I was wondering if any of you had any tricks to having a style hold! Product recommendations, styling tools - you name it, I need all the help I can get. 

One thing I especially want to learn is* how to make teasing hold. *My hair is not fine, it is "normal", but for some reason for the life of me teasing falls flat within seconds, no matter how much hairspray I use or how much I backcomb. This is what irritates me most - especially if I am trying to do a style like a "hive" or just have a little extra umph for the day. 

As for holding curls - don't even get me started. I feel like I've tried ever method and hairspray under the sun - curling irons, hot rollers (I've had the most luck with these so far), curling + cupping for 15 seconds, curling + pinning, NOTHING WORKS. I think I just need a hairspray that can handle my do.

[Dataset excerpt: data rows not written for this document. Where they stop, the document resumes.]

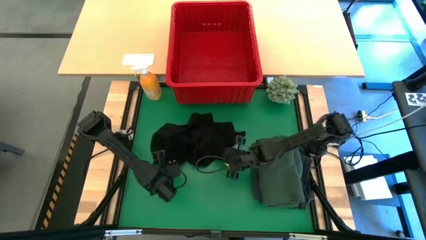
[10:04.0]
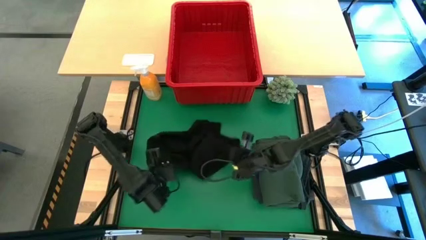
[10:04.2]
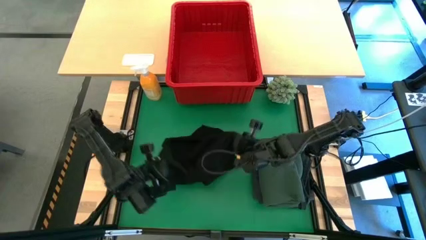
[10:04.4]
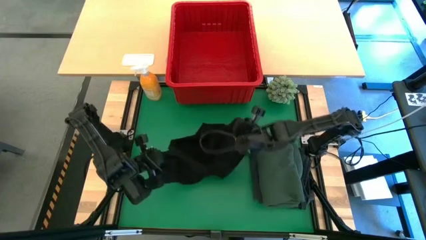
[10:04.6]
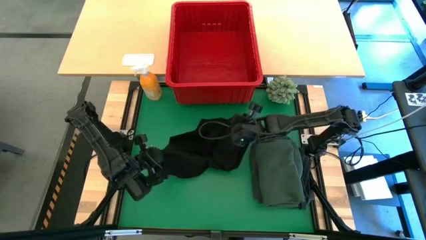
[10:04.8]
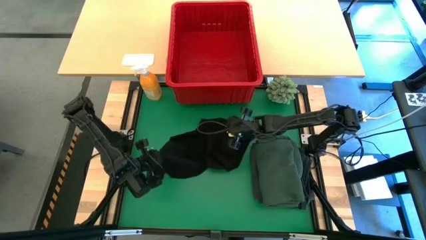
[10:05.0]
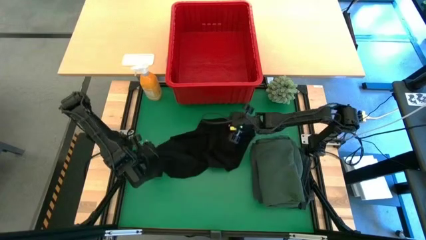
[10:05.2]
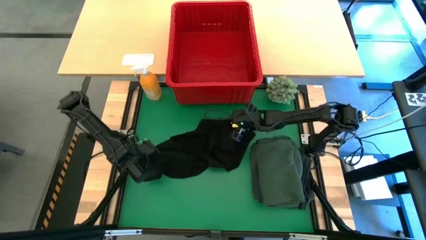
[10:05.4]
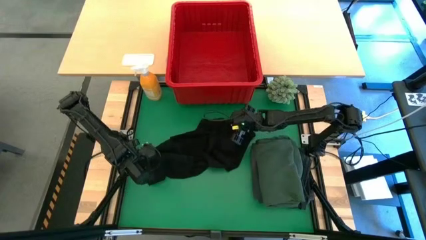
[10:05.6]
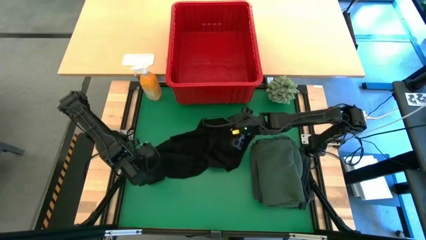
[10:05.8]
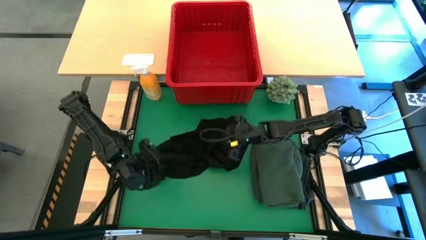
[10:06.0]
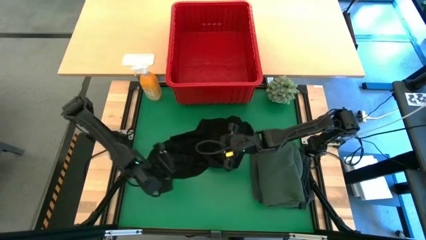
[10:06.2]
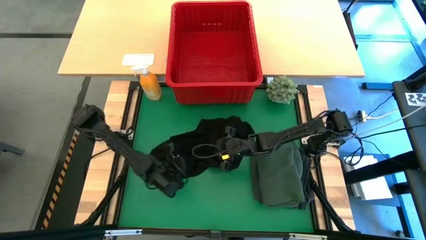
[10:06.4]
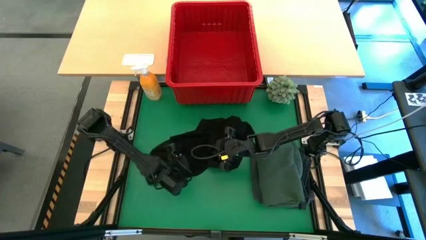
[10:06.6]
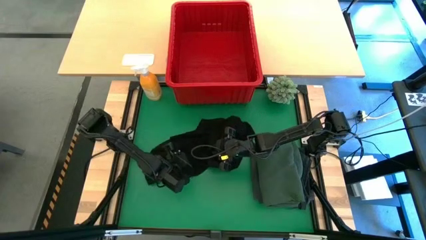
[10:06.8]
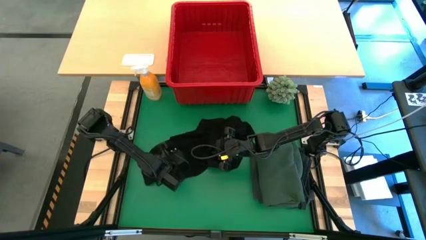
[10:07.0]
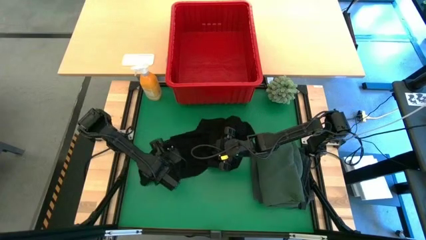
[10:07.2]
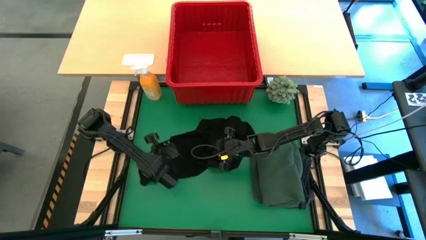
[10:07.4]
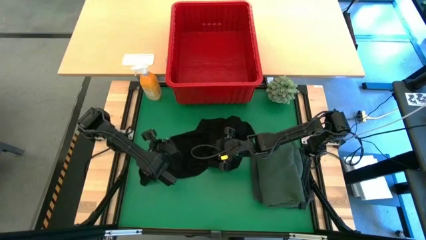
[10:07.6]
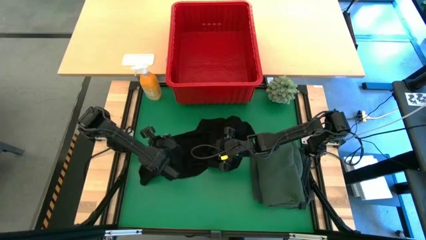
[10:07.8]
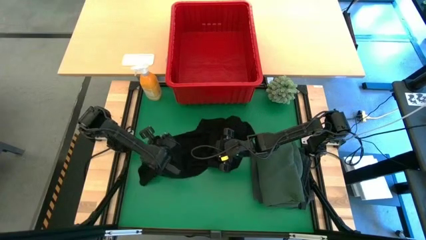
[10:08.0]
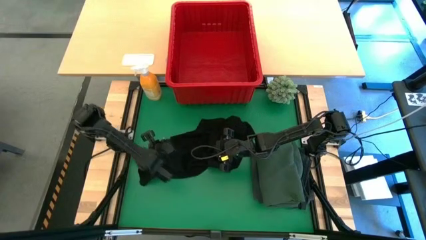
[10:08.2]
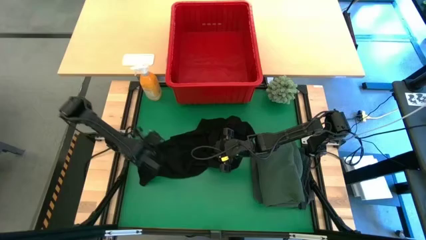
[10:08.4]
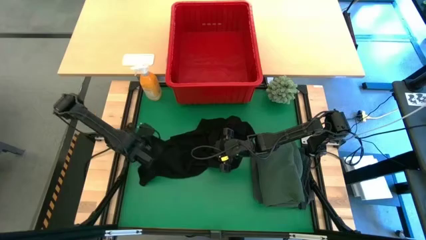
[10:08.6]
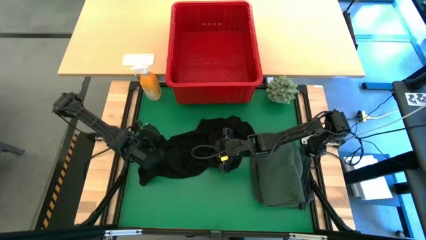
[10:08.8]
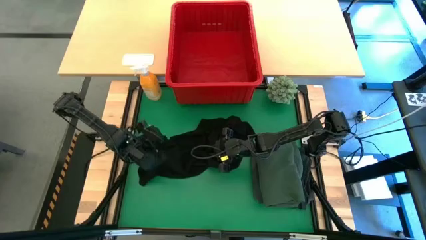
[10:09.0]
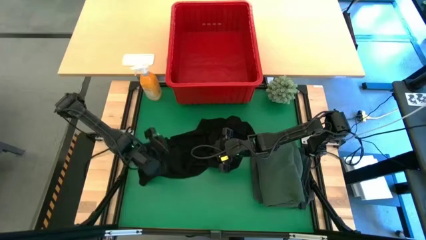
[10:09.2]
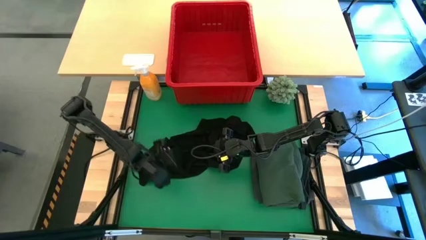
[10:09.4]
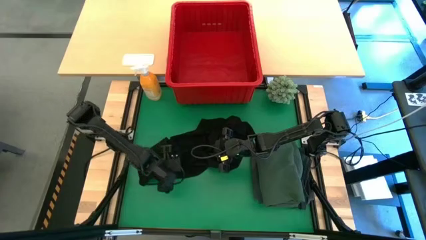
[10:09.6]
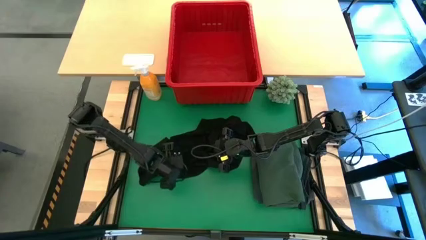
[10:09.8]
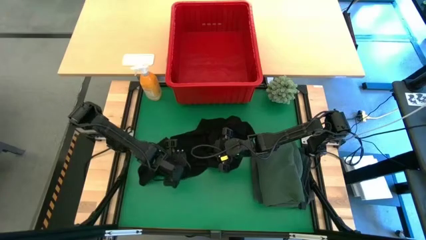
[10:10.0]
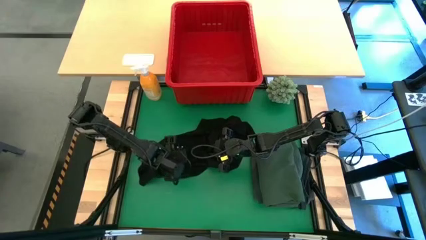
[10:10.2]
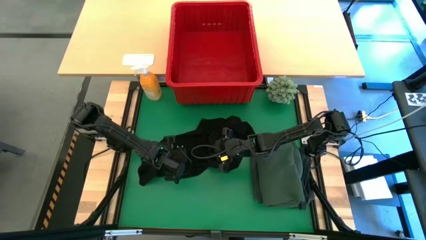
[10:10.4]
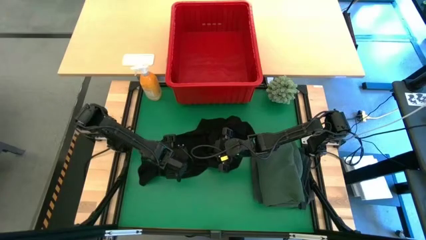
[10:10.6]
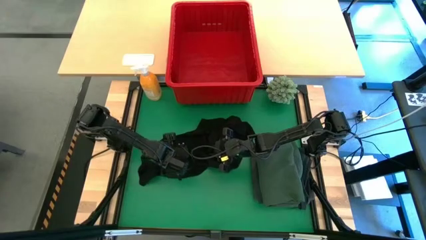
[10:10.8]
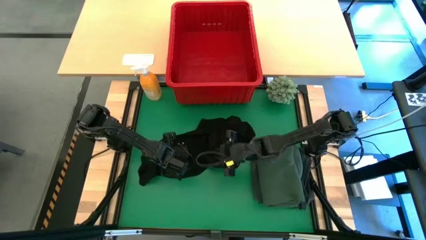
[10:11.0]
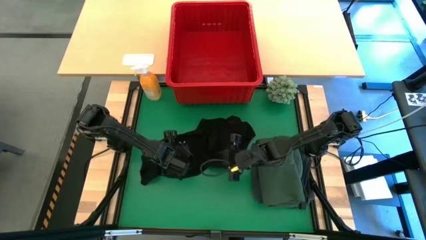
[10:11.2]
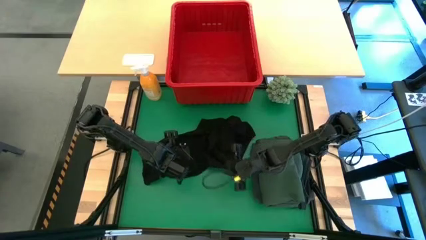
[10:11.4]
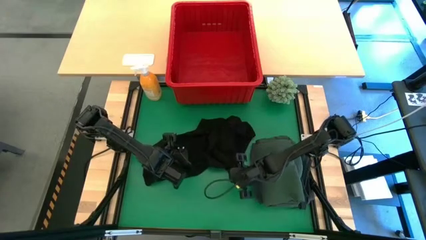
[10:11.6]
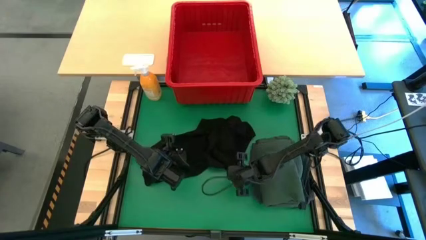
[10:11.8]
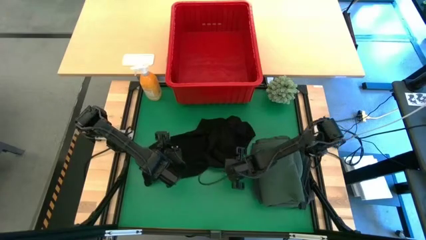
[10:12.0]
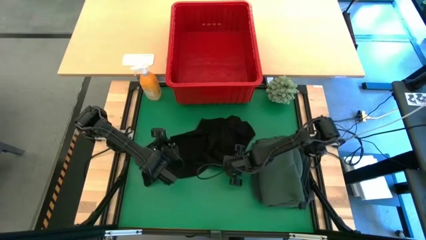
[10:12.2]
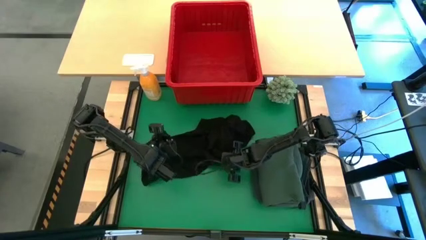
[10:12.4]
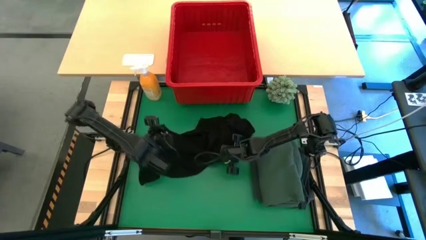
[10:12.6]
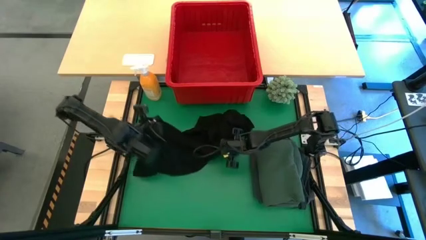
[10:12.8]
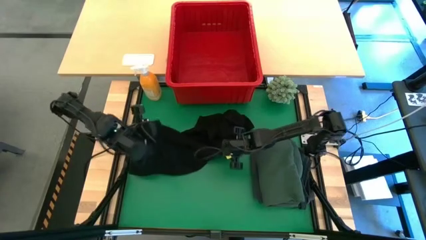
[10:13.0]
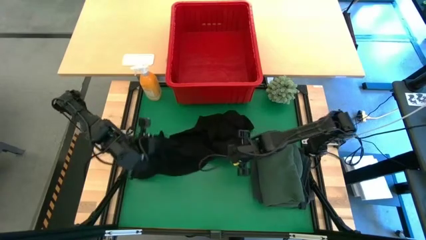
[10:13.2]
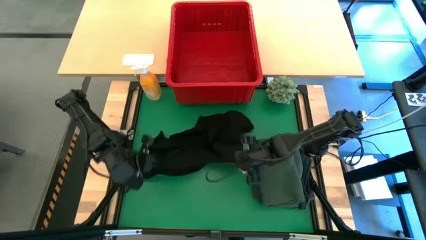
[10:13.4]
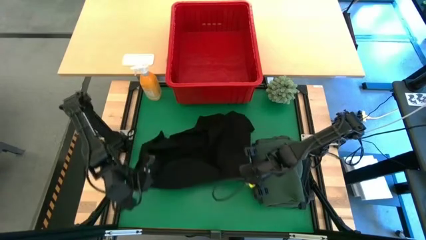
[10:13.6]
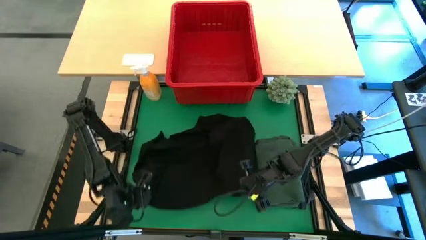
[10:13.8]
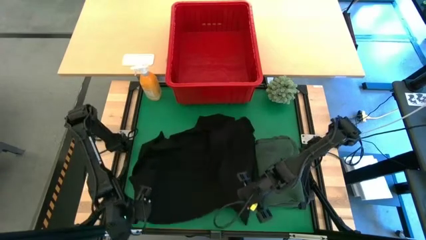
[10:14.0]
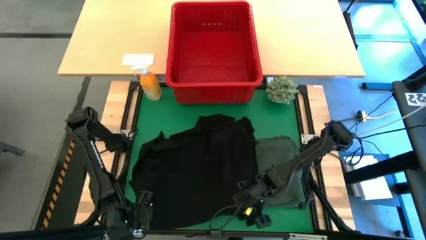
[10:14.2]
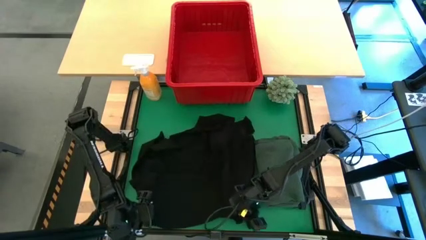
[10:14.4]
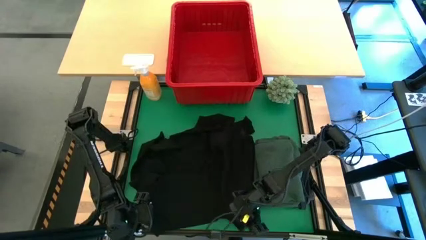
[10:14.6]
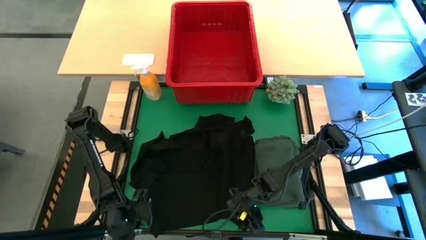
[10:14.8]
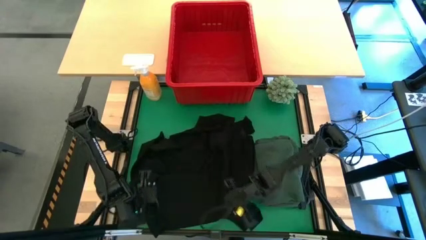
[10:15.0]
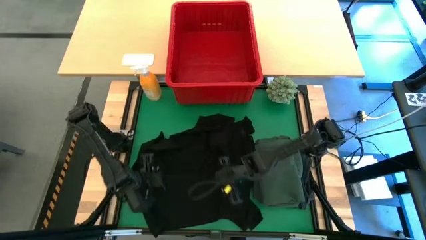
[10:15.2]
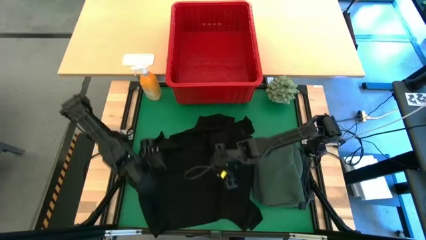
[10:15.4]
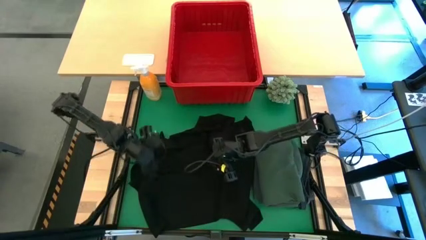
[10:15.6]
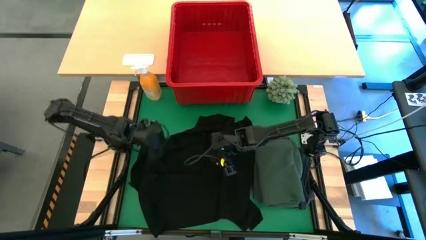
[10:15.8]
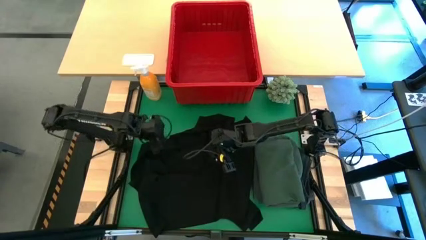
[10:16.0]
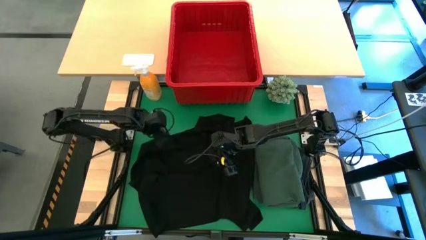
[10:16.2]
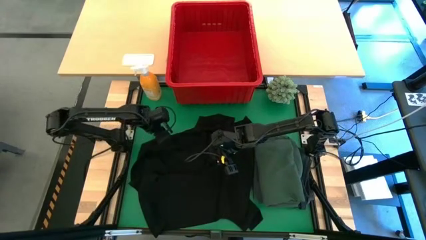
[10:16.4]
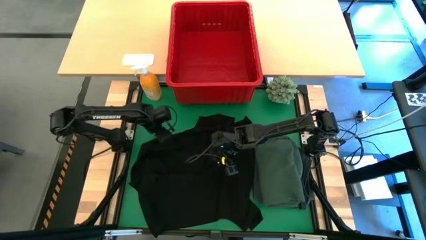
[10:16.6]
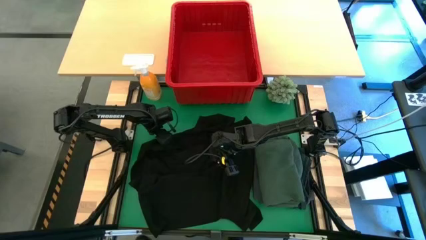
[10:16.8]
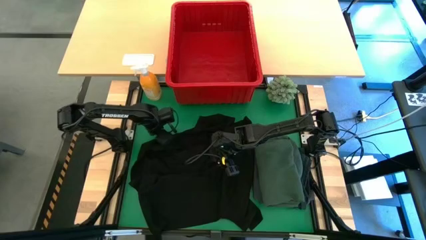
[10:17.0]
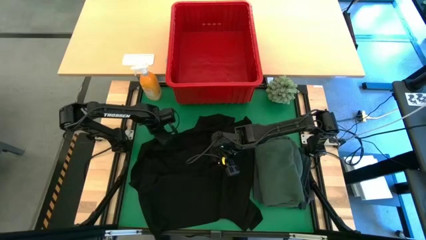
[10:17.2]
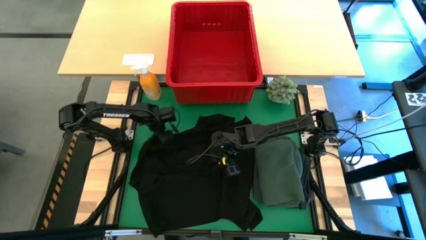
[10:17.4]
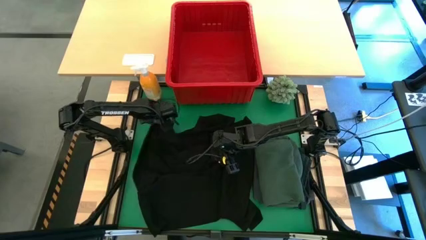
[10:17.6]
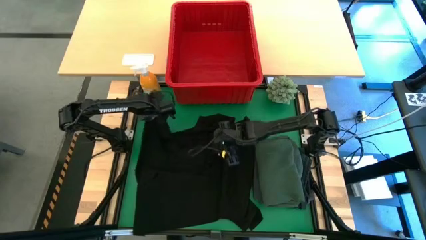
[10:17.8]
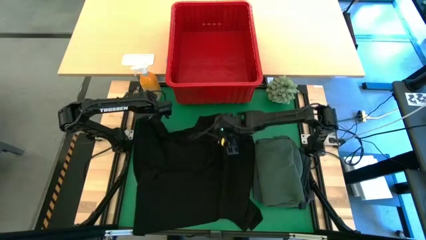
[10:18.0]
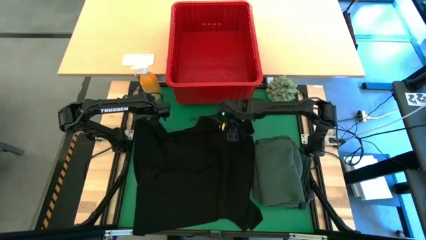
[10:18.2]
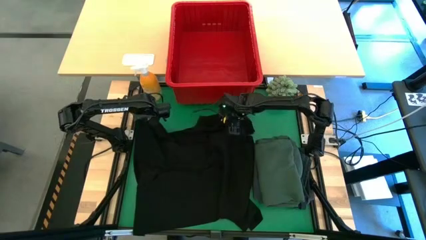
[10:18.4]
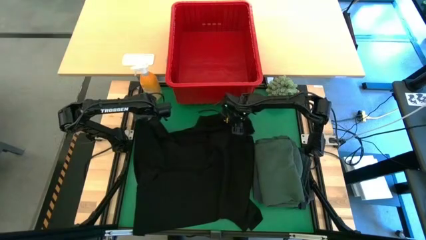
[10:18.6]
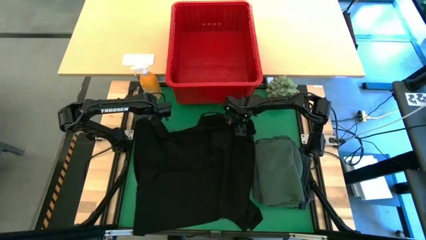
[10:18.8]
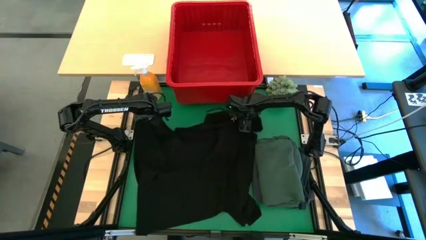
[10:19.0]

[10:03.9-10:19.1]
Task: Fold Laundry from Bin
Fold the black shirt

Anyway, any recs are appreciated! I am thinking of getting some sea salt this weekend and trying out a beachy waves look..


----------



## MissAlexisDDD (Mar 13, 2010)

This is what I do. 
	

	
	
		
		

		
			





 I use paul mitchell spray hold me tight. I backcomb up all the way to the end of my hair and then use the spray, and then use my flat iron to go over the now veritcal strand.


----------



## Civies (Mar 27, 2010)

My curls stay all day long and my hair never did until now! The magic weapon is.. my flat iron. It holds curls way better than a regular curling iron. HTH. If I didn't want to I wouldn't even put in hairspray because my hair would still stay. About the teasing, I can never get mine to stay all day but I can get it up for a good few hours. I usually tease in 'layers' so I don't just tease one section like crazy and hope for that to stay up. I tease from the back of my had to the mid (horizontally speaking) so that my highest layers have something to fall on (my other teased layers) instead of falling flat back onto my head. Sorry if that was confusing for you


----------



## xsnowwhite (Mar 27, 2010)

try gel in your hair before blow drying it then curling it. gel will make the curl hold reallly well.


----------